Supreme Court to review standard for awarding attorneys’ fees in copyright cases

On January 15, 2016, the Supreme Court agreed to hear a case which requests that the Supreme Court determine the proper standard for attorneys’ fees awards in copyright cases.[1] The party requesting review by the Supreme Court, Kirstsaneg (“Petitioner”) prevailed against Respondent, John Wiley & Sons, Inc. (“Respondent”), who had sued the Petitioner for copyright infringement as a result of allegations that the Petitioner had purchased Respondent’s textbooks and then resold them without authorization.[2] Petitioner prevailed under the “first sale” doctrine which was found to be a complete defense to Respondent’s claims.[3] Having prevailed, Petitioner sought attorneys’ fees in the United States Court of Appeals for the Second Circuit, but his request was denied.[4] Generally, the Copyright Act provides a court with discretion to award a prevailing party its reasonable attorneys’ fees.[5]

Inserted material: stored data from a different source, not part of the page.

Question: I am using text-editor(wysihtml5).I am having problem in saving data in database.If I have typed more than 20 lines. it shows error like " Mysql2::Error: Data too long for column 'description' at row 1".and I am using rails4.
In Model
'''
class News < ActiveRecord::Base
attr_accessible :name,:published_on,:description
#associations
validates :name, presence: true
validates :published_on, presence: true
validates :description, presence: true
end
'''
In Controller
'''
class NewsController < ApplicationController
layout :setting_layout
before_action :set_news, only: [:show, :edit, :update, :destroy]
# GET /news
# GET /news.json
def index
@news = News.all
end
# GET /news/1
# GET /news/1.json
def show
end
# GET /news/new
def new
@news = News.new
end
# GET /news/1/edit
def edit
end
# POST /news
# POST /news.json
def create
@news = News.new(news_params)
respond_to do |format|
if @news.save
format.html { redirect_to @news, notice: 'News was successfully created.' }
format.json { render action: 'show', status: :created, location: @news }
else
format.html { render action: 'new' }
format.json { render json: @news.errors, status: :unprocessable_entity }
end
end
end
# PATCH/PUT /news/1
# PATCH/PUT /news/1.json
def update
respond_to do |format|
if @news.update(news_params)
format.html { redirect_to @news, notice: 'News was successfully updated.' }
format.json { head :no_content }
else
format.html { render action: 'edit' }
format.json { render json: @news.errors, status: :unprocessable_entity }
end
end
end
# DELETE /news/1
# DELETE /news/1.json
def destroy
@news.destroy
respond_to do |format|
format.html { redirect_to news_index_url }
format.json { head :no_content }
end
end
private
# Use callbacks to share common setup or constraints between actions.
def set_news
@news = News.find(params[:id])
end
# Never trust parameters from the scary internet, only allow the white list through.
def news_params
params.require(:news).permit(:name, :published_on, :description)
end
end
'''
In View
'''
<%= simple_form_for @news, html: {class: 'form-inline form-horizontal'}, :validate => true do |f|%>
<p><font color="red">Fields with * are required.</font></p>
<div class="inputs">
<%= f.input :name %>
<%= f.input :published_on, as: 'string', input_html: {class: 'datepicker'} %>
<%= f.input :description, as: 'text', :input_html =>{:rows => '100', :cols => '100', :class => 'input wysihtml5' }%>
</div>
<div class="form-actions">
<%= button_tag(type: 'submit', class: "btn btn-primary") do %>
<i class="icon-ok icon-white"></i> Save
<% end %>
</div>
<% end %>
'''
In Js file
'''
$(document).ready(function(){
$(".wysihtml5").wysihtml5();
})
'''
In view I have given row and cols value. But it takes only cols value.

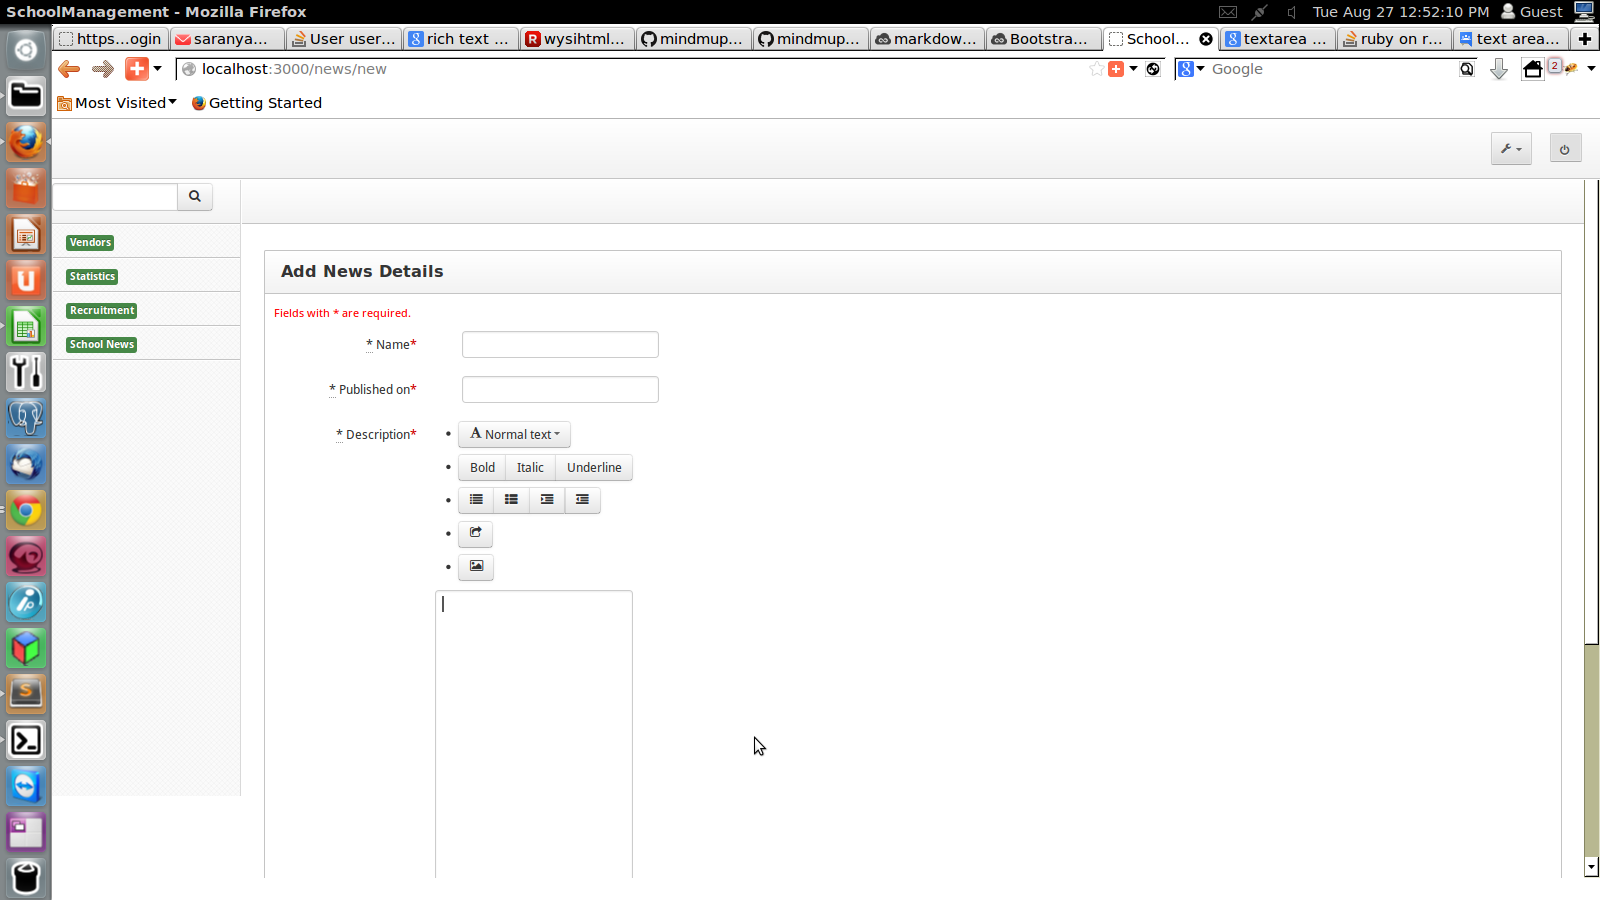
Answer: You have probably set it as a 'string' in your migration file, rather than 'text'.
'string' fields are interpreted as 'varchar', and are limited in character length. 'text' fields are not.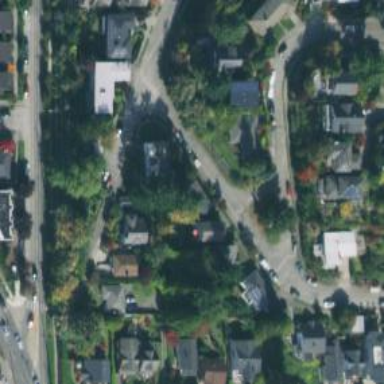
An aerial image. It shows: Residential road with sidewalk on the left.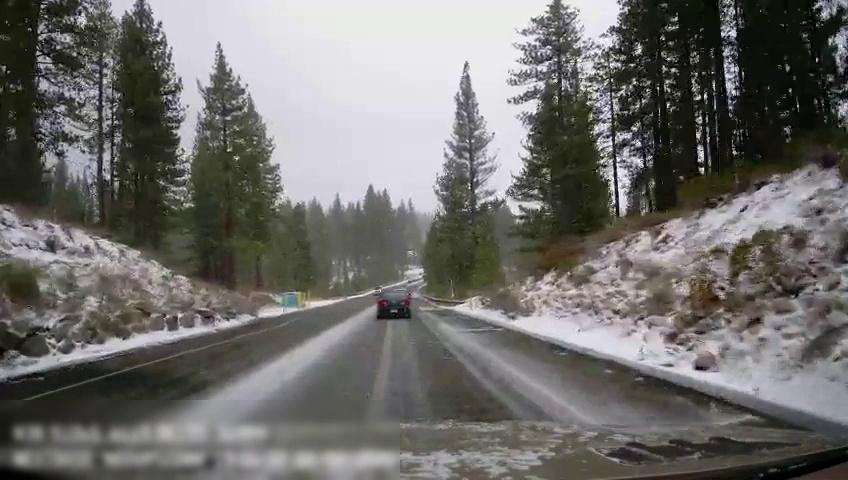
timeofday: Day
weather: Snowy
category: Drivable Space
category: Vehicles | Car
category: Lanes | Opposite Lane
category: Lanes | Current Lane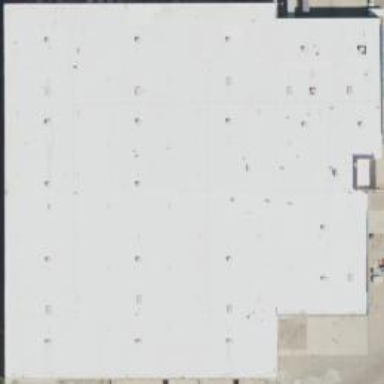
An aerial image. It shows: Warehouse.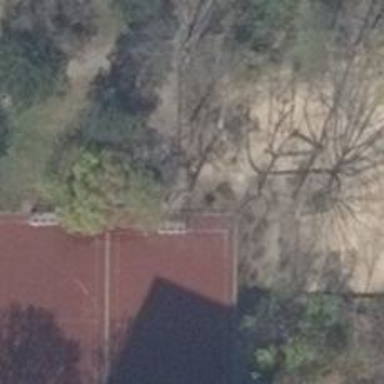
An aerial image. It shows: Broadleaved deciduous tree located in park.
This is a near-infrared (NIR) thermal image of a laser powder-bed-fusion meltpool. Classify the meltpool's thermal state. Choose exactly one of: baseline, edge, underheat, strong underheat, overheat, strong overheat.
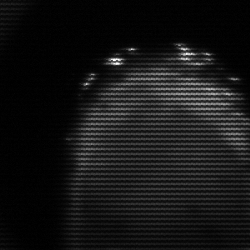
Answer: edge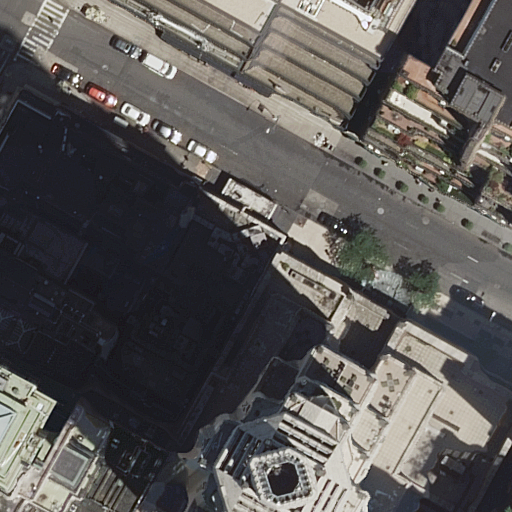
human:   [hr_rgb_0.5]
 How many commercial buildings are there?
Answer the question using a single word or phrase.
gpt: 1

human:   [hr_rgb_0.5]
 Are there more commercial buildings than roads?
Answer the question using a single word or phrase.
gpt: no

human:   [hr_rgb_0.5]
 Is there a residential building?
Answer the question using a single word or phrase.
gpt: yes

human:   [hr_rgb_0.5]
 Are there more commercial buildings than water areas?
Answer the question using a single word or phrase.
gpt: yes

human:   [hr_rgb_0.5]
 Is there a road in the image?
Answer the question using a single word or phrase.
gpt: yes

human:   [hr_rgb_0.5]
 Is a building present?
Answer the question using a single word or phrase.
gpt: yes

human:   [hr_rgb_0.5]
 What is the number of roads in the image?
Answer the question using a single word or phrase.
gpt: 3

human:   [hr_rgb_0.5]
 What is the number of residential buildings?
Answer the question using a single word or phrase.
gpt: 10

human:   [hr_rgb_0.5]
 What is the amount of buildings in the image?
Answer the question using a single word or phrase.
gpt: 11

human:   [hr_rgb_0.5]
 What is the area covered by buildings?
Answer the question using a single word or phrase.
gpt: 8639m2

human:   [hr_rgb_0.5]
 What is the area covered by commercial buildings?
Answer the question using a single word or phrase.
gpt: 879m2

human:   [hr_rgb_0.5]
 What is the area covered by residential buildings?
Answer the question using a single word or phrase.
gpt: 7760m2

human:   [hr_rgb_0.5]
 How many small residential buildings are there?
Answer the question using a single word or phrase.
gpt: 3

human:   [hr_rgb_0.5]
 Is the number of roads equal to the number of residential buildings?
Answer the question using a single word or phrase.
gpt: no

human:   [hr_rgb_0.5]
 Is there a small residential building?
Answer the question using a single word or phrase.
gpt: yes

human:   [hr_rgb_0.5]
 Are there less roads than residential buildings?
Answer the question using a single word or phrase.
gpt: yes

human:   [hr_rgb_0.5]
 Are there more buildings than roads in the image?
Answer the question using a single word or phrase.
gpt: yes

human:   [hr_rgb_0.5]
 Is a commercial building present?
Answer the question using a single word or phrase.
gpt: yes

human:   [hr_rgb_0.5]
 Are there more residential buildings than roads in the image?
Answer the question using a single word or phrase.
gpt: yes

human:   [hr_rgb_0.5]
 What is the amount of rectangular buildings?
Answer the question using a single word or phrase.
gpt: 8

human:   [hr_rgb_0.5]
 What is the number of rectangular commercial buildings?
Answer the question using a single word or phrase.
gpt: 1

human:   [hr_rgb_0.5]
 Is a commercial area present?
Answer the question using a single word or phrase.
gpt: no

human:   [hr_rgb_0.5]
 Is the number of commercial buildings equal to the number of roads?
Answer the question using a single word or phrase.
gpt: no

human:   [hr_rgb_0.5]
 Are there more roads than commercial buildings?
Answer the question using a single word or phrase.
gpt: yes

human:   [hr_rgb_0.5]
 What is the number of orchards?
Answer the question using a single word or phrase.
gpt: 0

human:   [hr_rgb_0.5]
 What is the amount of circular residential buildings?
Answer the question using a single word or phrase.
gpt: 0

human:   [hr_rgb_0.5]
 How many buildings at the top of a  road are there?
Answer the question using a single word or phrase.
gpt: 2

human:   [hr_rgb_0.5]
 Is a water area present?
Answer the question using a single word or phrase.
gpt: no

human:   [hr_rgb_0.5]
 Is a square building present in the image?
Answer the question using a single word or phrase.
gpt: no

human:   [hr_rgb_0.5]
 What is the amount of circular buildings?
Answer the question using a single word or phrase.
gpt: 0

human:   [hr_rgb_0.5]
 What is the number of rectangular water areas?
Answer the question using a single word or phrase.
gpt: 0

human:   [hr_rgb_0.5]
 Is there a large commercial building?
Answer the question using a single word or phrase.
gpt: yes

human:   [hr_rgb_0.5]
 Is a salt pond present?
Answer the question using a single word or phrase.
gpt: no

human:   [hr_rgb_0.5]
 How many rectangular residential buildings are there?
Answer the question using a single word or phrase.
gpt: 7

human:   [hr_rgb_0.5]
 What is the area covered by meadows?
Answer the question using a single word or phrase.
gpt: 0m2

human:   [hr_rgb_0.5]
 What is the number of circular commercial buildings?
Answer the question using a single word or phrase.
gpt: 0

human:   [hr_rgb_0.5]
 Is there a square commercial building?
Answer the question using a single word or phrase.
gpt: no

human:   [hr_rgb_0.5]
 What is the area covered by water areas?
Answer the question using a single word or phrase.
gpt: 0m2

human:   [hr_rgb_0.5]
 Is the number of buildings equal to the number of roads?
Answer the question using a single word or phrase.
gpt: no

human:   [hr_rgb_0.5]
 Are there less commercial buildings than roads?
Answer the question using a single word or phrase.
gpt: yes

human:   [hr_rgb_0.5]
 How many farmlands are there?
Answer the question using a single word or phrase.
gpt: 0

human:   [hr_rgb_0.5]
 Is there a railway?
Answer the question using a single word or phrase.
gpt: no

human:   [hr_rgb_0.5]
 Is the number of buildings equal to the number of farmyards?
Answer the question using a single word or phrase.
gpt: no

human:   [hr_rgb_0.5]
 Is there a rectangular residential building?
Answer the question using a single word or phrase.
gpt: yes

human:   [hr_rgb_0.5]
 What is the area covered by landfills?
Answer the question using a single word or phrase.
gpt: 0m2

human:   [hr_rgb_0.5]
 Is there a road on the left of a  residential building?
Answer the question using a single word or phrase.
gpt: yes

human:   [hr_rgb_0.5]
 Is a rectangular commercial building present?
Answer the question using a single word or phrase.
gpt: yes

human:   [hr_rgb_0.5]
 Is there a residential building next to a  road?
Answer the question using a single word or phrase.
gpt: yes

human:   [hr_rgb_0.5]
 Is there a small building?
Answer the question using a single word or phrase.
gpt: yes

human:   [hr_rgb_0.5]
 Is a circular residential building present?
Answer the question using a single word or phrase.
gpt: no

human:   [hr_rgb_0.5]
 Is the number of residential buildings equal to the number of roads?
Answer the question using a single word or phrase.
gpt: no

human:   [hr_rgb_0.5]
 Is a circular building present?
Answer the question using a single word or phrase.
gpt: no

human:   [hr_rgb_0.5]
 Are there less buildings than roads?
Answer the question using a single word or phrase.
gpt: no

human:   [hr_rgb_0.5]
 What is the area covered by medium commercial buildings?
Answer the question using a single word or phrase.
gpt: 0m2

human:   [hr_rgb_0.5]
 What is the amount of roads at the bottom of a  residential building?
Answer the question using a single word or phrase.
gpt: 3

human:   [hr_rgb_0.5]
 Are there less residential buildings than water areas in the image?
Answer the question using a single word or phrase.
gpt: no

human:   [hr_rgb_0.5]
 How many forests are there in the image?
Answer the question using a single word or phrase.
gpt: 0

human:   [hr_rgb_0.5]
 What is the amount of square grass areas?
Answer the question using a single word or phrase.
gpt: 0

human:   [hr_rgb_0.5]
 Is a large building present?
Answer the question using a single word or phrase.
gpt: yes

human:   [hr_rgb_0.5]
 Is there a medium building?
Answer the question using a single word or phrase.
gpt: yes

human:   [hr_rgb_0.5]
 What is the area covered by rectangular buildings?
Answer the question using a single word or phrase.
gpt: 1993m2

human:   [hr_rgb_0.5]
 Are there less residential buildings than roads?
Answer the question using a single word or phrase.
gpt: no

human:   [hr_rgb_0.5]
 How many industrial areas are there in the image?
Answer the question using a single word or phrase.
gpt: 0

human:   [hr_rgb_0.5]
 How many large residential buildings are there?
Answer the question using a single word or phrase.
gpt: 3
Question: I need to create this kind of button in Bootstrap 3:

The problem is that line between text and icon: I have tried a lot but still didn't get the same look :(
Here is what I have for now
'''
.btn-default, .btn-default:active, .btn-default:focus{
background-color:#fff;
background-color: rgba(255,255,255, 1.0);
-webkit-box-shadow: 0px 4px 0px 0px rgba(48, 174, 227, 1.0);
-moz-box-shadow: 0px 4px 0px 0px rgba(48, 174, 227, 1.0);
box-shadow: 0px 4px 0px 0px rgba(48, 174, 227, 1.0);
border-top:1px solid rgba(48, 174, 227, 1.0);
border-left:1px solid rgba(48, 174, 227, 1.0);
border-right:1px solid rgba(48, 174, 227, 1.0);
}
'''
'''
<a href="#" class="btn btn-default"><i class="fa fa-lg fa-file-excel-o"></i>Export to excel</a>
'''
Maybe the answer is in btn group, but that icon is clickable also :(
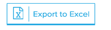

In Petitioner’s petition for writ of certiorari requesting for the Supreme Court to hear his case, Petitioner alleges there is a split in the different Federal Circuit Courts regarding the standard for awarding attorneys’ fees in copyright cases.[6] Specifically, Petitioner alleges that had his request for attorneys’ fees been heard in a different circuit, such as the Ninth or Eleventh Circuits he would have definitely prevailed.[7] Petitioner also claims that he likely would have prevailed in the Third, Fourth, Fifth, Sixth or Seventh Circuits as well.[8] The difference between the Second Circuit and the other Circuits mentioned above, according to Petitioner, is that the Second Circuit “places ‘substantial weight’ on whether the losing party’s claim or defense was objectively unreasonable.”[9]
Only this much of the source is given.